---------- AVAILABLE DATA ----------

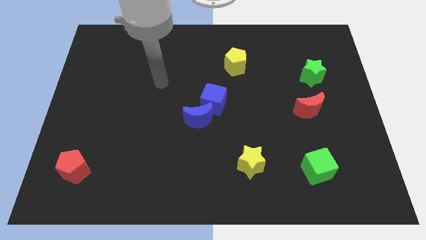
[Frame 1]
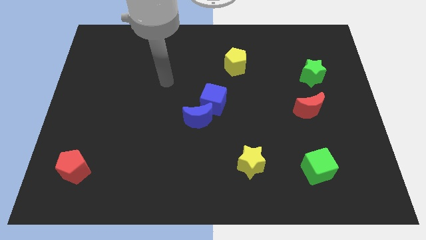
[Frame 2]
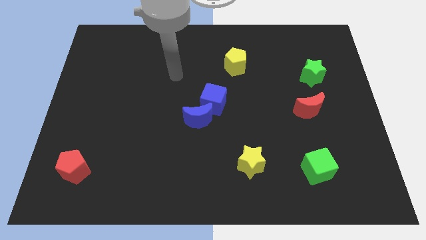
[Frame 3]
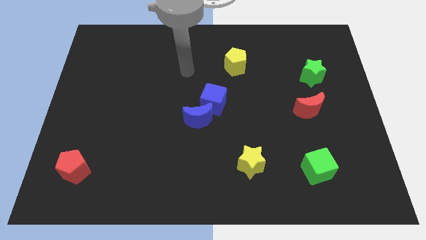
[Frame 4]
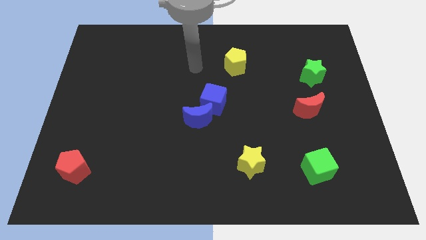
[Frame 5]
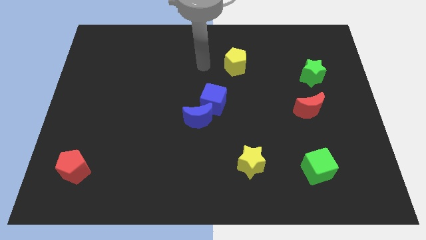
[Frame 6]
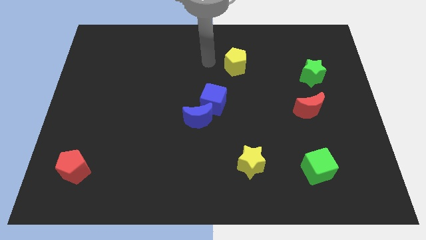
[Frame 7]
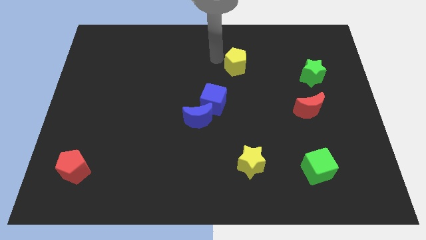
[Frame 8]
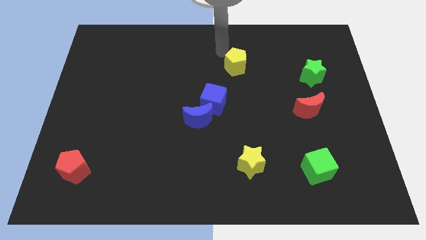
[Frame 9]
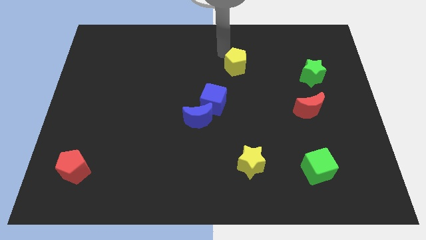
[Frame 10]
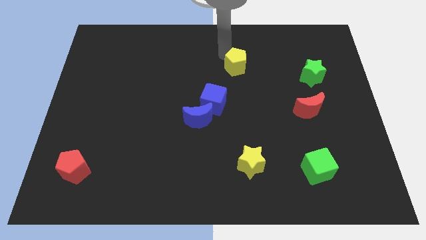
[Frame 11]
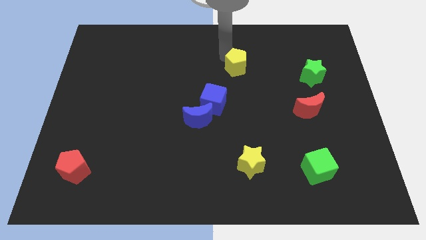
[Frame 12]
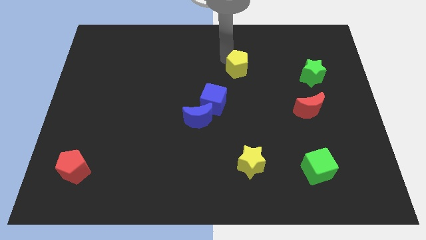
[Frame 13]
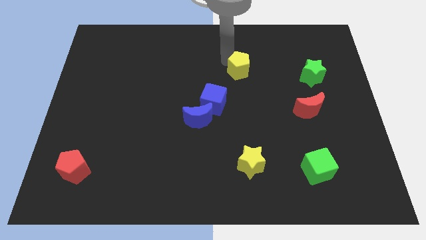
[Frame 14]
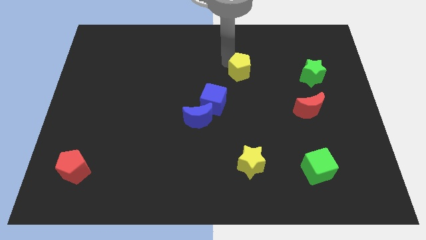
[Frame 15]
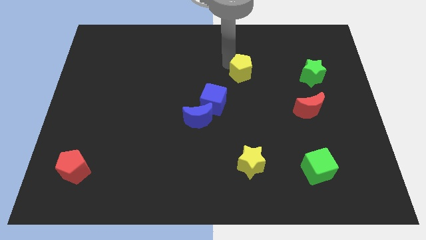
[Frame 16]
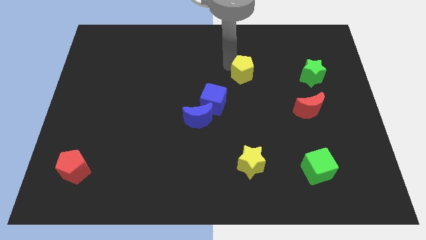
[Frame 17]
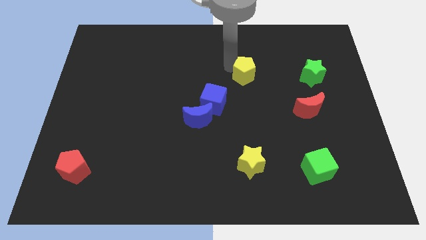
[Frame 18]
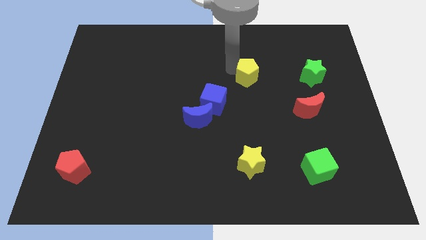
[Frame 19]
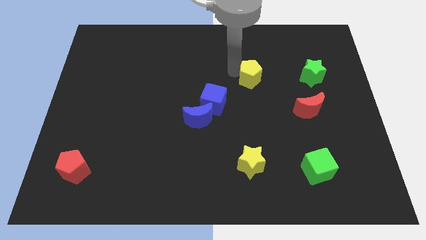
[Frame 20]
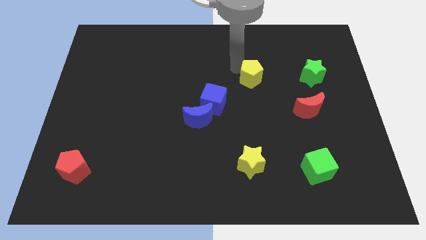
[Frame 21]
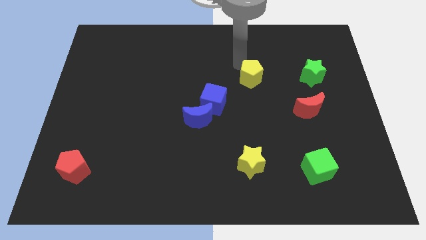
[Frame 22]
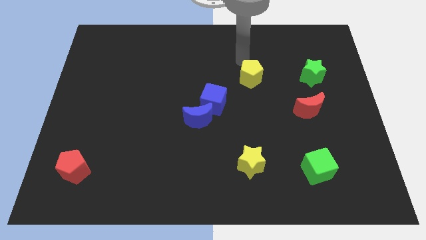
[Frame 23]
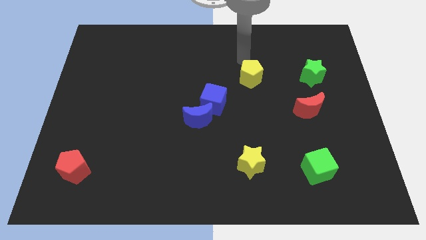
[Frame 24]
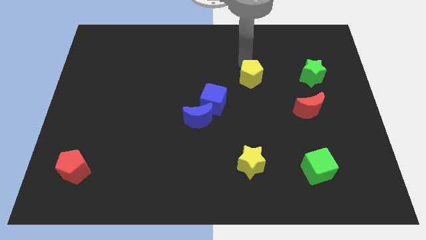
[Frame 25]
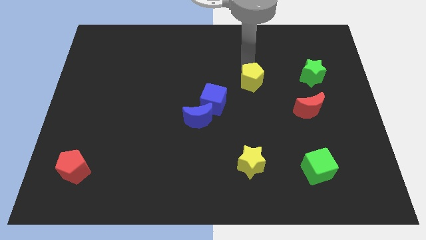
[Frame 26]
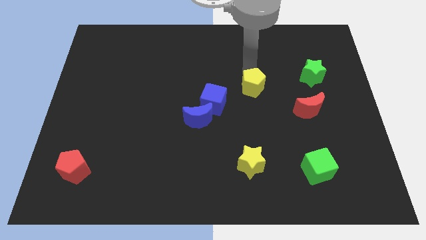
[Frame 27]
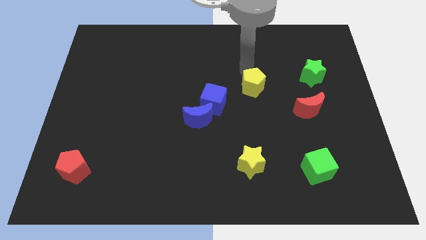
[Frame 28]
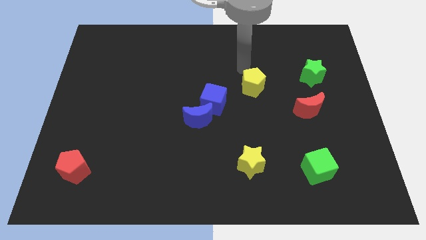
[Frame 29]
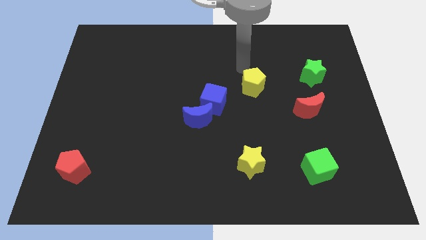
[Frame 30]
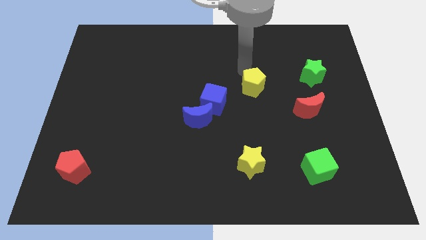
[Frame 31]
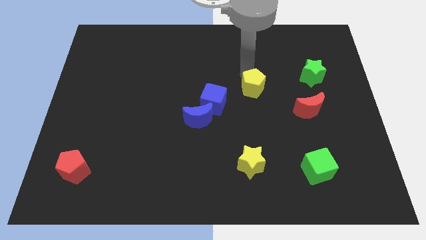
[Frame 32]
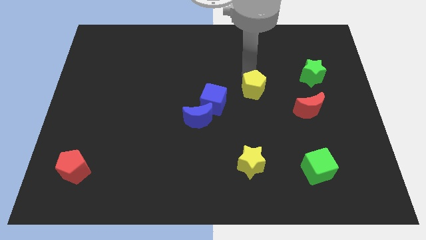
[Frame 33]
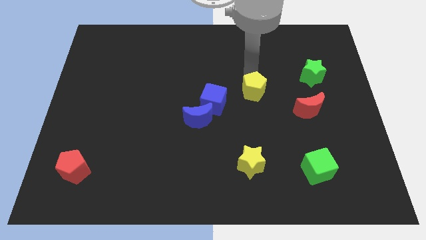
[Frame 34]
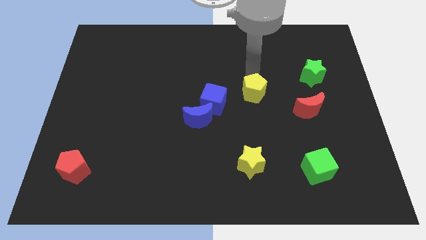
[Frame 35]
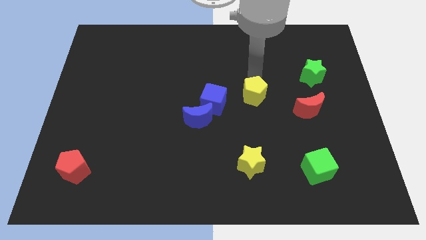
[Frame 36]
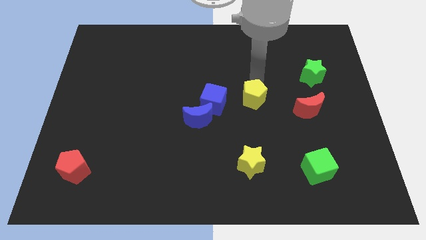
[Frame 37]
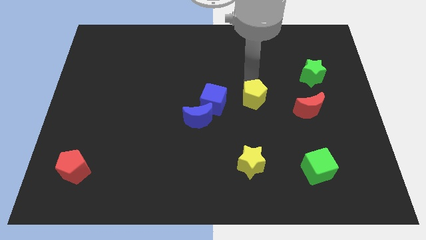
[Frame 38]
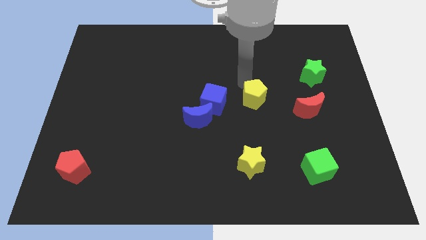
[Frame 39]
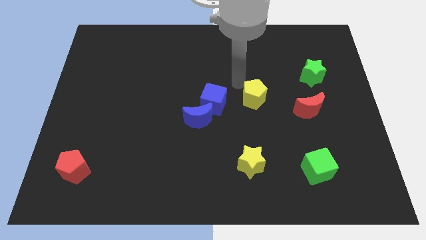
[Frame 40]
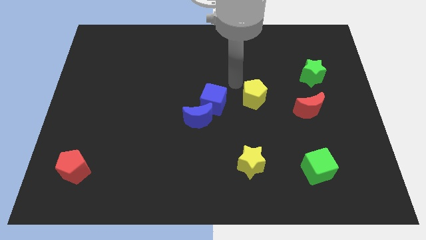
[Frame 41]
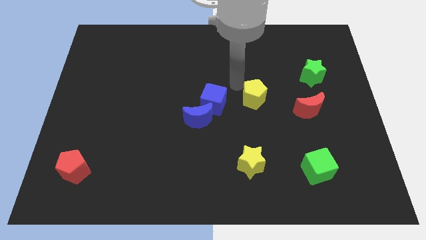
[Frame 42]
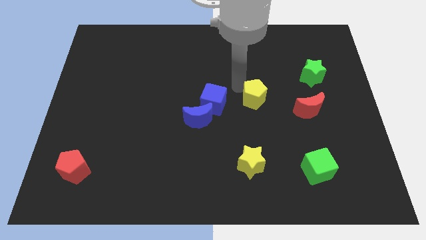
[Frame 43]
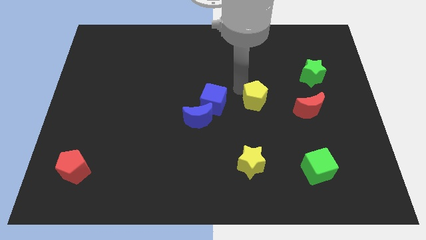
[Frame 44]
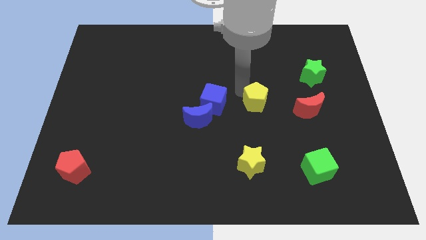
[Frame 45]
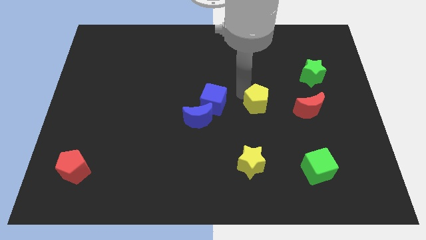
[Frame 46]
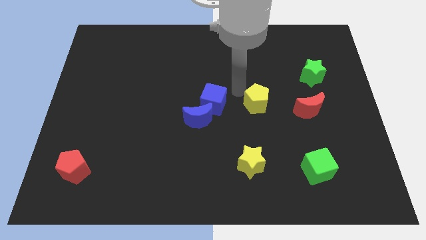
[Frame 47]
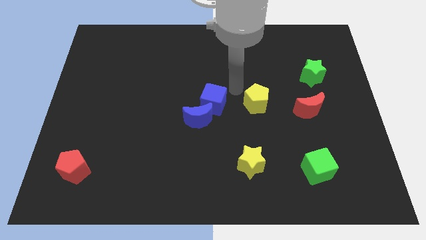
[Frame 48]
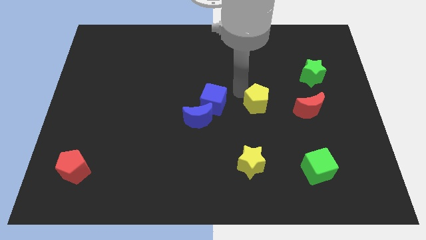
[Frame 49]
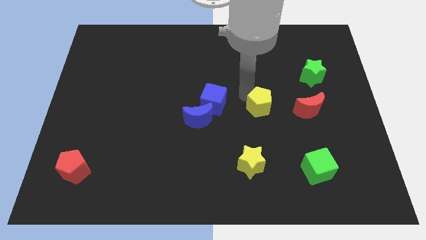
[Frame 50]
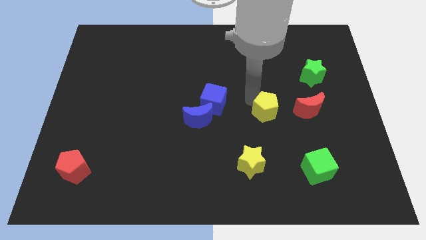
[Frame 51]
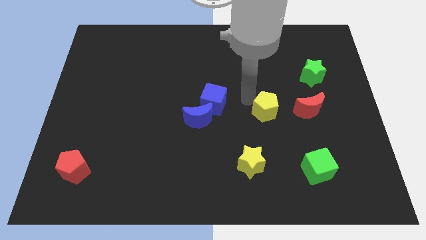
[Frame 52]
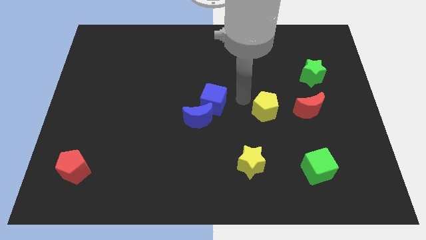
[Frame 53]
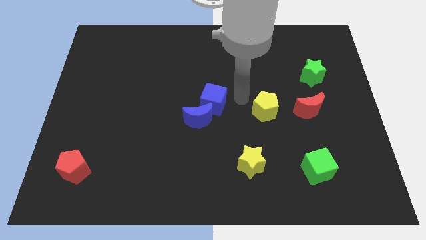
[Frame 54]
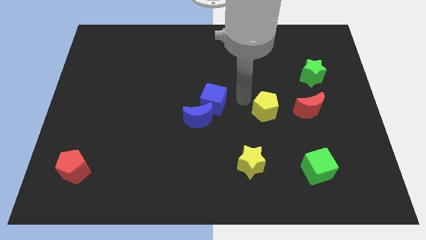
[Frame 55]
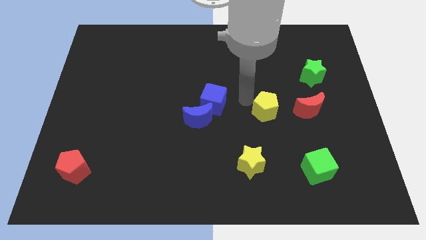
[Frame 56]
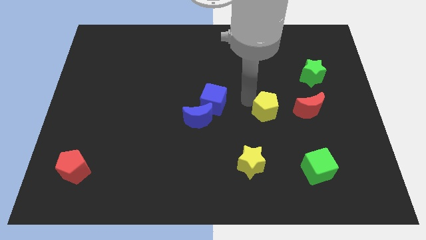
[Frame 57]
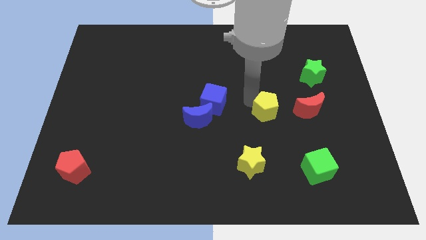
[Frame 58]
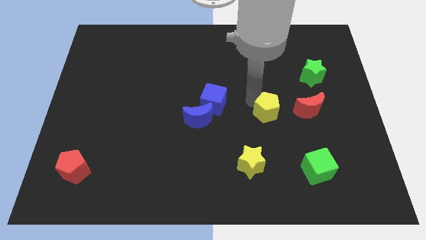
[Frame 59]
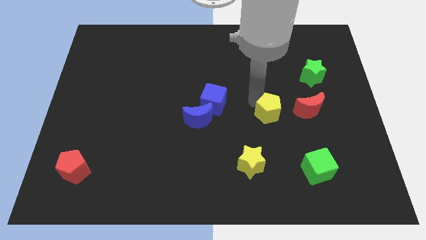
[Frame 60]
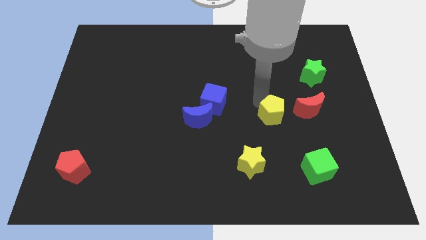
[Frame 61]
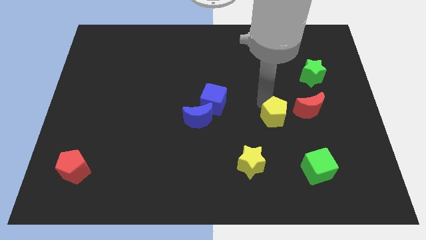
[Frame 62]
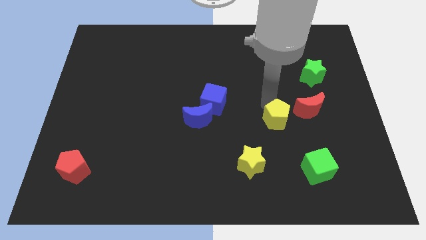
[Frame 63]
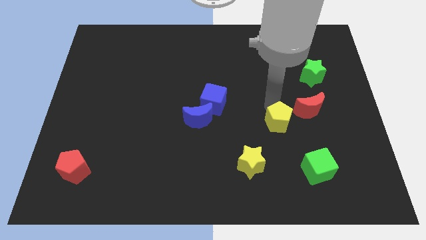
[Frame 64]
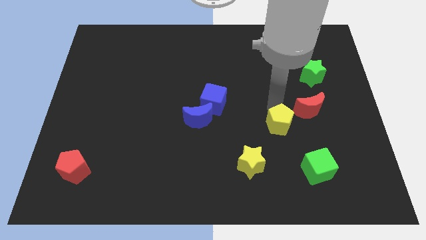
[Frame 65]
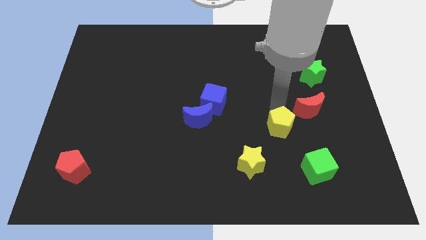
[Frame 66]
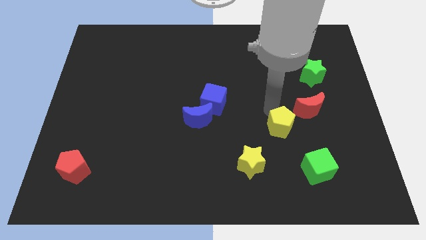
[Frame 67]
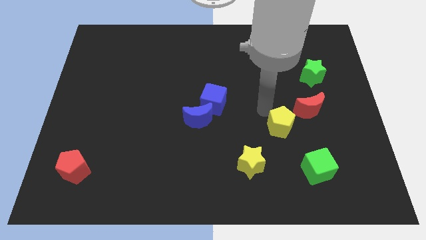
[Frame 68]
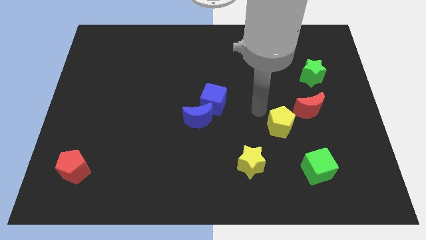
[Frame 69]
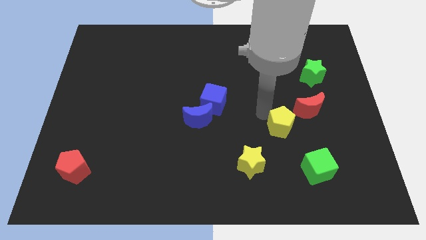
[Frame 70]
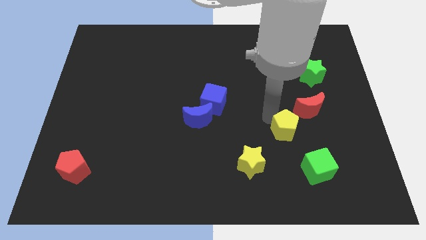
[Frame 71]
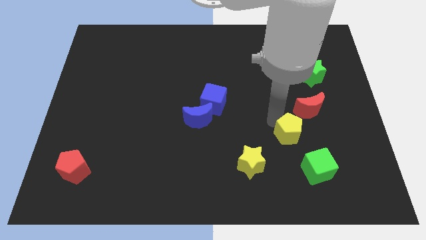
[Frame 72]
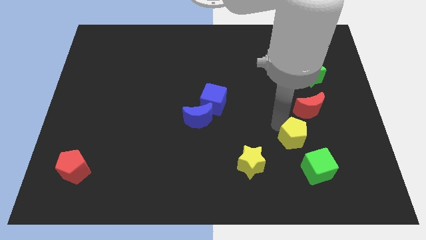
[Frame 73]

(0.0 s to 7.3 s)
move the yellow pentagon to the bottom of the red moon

----------

◆ BRIEF: Each record above should be restated word for word. The pictures should not appear.

◆ SOLVED EXERCISE:
[Frame 1]
[Frame 2]
[Frame 3]
[Frame 4]
[Frame 5]
[Frame 6]
[Frame 7]
[Frame 8]
[Frame 9]
[Frame 10]
[Frame 11]
[Frame 12]
[Frame 13]
[Frame 14]
[Frame 15]
[Frame 16]
[Frame 17]
[Frame 18]
[Frame 19]
[Frame 20]
[Frame 21]
[Frame 22]
[Frame 23]
[Frame 24]
[Frame 25]
[Frame 26]
[Frame 27]
[Frame 28]
[Frame 29]
[Frame 30]
[Frame 31]
[Frame 32]
[Frame 33]
[Frame 34]
[Frame 35]
[Frame 36]
[Frame 37]
[Frame 38]
[Frame 39]
[Frame 40]
[Frame 41]
[Frame 42]
[Frame 43]
[Frame 44]
[Frame 45]
[Frame 46]
[Frame 47]
[Frame 48]
[Frame 49]
[Frame 50]
[Frame 51]
[Frame 52]
[Frame 53]
[Frame 54]
[Frame 55]
[Frame 56]
[Frame 57]
[Frame 58]
[Frame 59]
[Frame 60]
[Frame 61]
[Frame 62]
[Frame 63]
[Frame 64]
[Frame 65]
[Frame 66]
[Frame 67]
[Frame 68]
[Frame 69]
[Frame 70]
[Frame 71]
[Frame 72]
[Frame 73]

(0.0 s to 7.3 s)
move the yellow pentagon to the bottom of the red moon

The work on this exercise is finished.